# Doing hierarchical clustering with a precalculated dissimilarity index

Hierarchical clustering functionality in R is great, right? Between `dist`

and `vegdist`

it is possible to base your clustering on almost any method you want, from cosine to Canberra. However, what if you do want to use a different or custom method, and you’ve already calculated the distances separately? All of the documentation for the `hclust`

function asks you to start with raw data from which R can calculate the distances between pairs. How do you get `hclust`

to read in pre-calculated distance scores?
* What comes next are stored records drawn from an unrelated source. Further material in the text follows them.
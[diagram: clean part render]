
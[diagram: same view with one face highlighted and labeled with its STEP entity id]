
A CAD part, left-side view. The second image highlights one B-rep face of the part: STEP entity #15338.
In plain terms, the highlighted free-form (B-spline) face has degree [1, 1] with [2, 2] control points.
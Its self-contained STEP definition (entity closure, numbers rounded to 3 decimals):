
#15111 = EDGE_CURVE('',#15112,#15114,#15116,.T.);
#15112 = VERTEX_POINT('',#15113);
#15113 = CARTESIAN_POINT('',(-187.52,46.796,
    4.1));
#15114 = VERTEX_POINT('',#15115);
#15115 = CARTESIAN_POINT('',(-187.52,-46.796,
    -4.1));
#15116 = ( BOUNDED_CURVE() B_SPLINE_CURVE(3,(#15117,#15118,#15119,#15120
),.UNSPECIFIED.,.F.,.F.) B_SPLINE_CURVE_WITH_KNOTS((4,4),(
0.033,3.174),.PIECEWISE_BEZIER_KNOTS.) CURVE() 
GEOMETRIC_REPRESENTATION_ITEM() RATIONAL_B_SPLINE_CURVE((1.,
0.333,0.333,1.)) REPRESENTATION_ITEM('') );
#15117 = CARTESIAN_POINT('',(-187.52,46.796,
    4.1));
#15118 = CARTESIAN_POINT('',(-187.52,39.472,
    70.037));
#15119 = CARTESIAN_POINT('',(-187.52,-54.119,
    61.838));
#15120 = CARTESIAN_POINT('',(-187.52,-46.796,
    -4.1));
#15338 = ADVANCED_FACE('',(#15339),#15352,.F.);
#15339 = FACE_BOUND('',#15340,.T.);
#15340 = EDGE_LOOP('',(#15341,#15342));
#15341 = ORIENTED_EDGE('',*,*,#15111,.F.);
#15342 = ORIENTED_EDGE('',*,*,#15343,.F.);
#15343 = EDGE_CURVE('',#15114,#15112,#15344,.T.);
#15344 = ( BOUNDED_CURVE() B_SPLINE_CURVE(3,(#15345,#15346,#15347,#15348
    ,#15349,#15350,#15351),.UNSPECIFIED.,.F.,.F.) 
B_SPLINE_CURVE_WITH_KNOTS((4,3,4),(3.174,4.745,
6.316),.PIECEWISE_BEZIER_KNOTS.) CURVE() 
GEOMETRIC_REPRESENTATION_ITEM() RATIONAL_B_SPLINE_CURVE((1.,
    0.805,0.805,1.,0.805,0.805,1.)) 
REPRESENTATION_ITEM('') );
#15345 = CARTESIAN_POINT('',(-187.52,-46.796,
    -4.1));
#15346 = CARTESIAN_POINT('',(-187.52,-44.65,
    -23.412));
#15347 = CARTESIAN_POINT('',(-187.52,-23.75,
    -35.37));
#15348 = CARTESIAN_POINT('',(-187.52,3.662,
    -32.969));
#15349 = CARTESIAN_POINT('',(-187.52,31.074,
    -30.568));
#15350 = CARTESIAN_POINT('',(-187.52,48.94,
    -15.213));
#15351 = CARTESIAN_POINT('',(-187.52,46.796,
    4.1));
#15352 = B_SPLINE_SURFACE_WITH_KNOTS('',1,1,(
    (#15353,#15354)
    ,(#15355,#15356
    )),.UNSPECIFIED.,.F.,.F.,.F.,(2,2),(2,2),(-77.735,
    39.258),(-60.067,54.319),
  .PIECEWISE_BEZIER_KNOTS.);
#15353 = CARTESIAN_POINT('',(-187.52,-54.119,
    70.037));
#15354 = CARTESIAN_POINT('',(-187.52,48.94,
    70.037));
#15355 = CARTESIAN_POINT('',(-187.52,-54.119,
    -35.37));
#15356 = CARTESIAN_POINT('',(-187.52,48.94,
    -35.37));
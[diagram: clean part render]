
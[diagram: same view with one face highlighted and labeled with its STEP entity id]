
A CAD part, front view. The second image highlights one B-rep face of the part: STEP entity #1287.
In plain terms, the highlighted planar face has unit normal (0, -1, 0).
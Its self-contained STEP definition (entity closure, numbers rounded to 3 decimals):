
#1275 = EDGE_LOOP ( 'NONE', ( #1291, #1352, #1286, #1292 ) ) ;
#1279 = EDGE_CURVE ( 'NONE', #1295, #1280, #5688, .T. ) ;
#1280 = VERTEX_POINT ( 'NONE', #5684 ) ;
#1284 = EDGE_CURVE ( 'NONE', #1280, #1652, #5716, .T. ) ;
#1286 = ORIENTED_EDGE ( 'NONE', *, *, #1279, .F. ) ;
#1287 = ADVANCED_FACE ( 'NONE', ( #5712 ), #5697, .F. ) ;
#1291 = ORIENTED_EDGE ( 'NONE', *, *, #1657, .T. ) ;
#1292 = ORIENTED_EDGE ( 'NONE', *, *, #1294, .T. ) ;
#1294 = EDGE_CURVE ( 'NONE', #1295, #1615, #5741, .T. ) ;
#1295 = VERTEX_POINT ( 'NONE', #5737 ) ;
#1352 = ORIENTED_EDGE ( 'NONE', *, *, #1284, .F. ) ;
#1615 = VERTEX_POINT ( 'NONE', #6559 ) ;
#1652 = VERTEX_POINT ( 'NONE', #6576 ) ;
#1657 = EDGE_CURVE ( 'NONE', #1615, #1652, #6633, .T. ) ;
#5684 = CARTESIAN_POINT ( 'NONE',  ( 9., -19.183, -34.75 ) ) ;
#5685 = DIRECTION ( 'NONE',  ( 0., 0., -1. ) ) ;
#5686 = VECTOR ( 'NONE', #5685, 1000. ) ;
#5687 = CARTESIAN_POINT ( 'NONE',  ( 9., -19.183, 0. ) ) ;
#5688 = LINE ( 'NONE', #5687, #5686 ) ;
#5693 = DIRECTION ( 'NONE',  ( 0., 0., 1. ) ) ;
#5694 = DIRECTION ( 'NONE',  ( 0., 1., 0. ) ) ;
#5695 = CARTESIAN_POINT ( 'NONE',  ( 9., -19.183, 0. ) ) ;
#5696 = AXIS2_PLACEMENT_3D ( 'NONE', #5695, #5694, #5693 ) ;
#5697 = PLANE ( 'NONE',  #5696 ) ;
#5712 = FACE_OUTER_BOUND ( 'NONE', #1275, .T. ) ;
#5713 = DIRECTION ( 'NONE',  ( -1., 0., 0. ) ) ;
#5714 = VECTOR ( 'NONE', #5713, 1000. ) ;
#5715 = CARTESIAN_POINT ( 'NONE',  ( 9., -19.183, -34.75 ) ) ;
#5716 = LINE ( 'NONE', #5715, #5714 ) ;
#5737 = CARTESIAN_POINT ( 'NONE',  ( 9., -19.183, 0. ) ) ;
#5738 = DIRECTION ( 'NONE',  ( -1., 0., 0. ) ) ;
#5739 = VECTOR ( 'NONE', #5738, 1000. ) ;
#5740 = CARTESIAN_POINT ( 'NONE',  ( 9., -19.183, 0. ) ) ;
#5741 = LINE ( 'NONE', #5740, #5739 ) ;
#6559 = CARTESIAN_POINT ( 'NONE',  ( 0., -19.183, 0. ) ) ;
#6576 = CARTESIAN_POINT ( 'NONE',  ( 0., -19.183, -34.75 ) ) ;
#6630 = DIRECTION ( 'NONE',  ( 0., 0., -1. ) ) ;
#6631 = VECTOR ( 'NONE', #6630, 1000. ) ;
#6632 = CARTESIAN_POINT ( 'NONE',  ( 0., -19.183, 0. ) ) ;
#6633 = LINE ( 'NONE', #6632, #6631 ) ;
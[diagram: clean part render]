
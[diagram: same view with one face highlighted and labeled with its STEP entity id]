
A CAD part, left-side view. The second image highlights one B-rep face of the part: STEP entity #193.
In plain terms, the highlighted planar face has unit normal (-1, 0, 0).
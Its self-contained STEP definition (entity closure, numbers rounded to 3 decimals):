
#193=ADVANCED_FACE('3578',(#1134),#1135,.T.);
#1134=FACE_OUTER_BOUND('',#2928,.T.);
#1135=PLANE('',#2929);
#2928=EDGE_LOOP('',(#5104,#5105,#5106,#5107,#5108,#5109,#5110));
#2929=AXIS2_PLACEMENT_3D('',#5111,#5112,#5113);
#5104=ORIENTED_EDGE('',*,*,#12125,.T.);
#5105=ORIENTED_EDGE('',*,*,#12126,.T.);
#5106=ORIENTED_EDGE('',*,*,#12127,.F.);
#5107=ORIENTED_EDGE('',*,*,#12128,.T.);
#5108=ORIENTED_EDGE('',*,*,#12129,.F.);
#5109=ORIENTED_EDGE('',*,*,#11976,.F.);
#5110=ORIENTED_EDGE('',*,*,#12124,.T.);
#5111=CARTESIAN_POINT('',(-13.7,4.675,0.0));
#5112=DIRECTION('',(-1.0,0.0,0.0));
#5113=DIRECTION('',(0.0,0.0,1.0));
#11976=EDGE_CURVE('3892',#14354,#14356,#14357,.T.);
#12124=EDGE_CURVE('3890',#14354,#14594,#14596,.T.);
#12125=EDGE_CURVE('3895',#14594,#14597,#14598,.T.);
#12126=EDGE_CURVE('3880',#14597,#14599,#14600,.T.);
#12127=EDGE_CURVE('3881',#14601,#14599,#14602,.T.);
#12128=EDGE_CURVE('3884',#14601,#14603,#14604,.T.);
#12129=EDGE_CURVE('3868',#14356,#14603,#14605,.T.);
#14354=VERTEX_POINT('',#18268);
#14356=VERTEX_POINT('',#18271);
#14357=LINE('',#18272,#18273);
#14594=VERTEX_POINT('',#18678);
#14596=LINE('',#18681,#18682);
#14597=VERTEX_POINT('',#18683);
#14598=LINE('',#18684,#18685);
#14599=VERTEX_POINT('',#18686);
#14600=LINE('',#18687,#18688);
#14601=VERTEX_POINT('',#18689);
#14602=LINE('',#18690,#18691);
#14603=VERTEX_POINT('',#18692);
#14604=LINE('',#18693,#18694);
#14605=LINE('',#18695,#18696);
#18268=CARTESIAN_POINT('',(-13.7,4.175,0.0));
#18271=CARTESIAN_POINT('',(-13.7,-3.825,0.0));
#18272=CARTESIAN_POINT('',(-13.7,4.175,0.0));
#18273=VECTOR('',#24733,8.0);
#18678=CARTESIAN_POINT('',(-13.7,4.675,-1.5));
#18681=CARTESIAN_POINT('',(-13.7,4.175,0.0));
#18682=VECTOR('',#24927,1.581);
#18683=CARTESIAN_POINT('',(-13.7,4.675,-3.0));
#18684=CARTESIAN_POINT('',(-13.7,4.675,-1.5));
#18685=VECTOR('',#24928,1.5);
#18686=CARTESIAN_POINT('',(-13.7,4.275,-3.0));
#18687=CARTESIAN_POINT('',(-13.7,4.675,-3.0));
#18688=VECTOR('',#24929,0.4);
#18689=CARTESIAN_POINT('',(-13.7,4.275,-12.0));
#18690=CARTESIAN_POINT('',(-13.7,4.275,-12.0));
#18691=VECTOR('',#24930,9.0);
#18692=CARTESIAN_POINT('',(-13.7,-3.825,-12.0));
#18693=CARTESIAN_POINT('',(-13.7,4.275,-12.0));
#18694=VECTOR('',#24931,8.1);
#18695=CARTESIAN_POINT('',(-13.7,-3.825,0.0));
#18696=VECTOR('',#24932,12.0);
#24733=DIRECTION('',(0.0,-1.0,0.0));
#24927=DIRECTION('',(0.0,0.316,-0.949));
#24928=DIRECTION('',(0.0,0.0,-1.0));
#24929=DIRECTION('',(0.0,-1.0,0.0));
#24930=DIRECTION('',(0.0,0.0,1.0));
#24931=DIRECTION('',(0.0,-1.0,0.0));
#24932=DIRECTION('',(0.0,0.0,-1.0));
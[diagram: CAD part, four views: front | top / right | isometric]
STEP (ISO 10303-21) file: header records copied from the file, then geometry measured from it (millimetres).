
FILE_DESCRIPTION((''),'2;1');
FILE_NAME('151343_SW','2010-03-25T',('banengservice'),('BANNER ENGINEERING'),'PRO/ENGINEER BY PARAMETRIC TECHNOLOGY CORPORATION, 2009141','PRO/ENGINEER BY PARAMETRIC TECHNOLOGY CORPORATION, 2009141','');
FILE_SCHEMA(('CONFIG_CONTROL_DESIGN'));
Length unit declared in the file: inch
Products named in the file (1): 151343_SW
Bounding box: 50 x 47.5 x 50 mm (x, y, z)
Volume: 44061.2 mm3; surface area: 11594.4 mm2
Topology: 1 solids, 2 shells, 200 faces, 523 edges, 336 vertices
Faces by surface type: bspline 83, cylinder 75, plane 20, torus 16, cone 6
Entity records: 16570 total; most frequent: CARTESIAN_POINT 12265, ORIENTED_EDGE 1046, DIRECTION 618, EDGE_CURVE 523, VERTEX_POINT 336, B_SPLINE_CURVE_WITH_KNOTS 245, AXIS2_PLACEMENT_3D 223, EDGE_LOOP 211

In this example, let’s say I’ve already manually calculated the Jaccard dissimilarity between each pair of cars from the `mtcars`

dataset, and put them in a data.frame called `carJaccard`

.

```
head(carJaccard)
```

```
## car1 car2 jaccardDissimilarity
## 1 Mazda RX4 Mazda RX4 0.000000000
## 2 Mazda RX4 Wag Mazda RX4 0.002471232
## 3 Datsun 710 Mazda RX4 0.237474920
## 4 Hornet 4 Drive Mazda RX4 0.251866514
## 5 Hornet Sportabout Mazda RX4 0.461078746
## 6 Valiant Mazda RX4 0.211822414
```

So how do we get `hclust`

to recognise this as a distance matrix? The first step is to reshape this data.frame into a regular matrix. We can do this using `acast`

from the `reshape2`

package.

```
library(reshape2)
regularMatrix <- acast(carJaccard, car1 ~ car2, value.var = "jaccardDissimilarity")
```

We now need to convert this into a distance matrix. The first step is to make sure that we don’t have any NA’s in the matrix, which happens when you have pairings created in your matrix that don’t exist in your dataframe of dissimilarity scores. If there are any, these should be replaced with whatever value indicates complete dissimilarity for your chosen metric (in the case of Jaccard dissimilarity, this is 1).

```
regularMatrix[is.na(regularMatrix)] <- 1
```

We are now able to convert our matrix into a distance matrix like so:

```
distanceMatrix <- as.dist(regularMatrix)
```

Let’s throw it into `hclust`

and see how we went!

```
clusters <- hclust(distanceMatrix, method = "ward.D2")
plot(clusters)
```

Great! As you can see from the dendogram above, we’ve ended up with what looks to be some fairly sensible looking clusters (well, at least to someone like me that knows nothing about cars - the ones with the same names are together so that looks good!).

We can also use the results of our clustering exercise to create groups based on a selected cutoff using the `cutree`

function from the `stats`

package. Looking at the dendrogram above, 0.5 looks like it will get us a good number of groups:

```
group <- cutree(clusters, h = 0.5)
```

(As an aside, you can also specify the number of groups you want using the `k`

argument in `cutree`

rather than the `h`

, or height, argument. Check out `help(cutree)`

for more details on this.)

The output of `cutree`

looks … weird. Where are our groups? Never fear, we just need to take one final step in order to connect up our groupings with our car names.

```
groups <- as.data.frame(group)
groups$cars <- rownames(groups)
rownames(groups) <- NULL
groups <- groups[order(groups$group), ]
head(groups)
```

```
## group cars
## 1 1 Mazda RX4
## 2 1 Mazda RX4 Wag
## 3 1 Datsun 710
## 8 1 Merc 240D
## 9 1 Merc 230
## 10 1 Merc 280
```

As you can see, we just need to convert the results of `cutree`

to a data.frame, which has the car names as the row names. In order to make it a bit neater, I’ve pulled the car names out into a column and ordered them based on the clusters.

As a final note, you may have noticed that I kept referring to **dissimilarity** scores in this post - this is for good reason! `hclust`

is based on dissimilarity between pairs, rather than their similarity. I made this mistake the first time I used it and ended up with, to my puzzlement, a set of groups containing the most disparate pairs in the whole dataset! So learn from my foolishness and make sure you are using dissimilarity scores from the outset.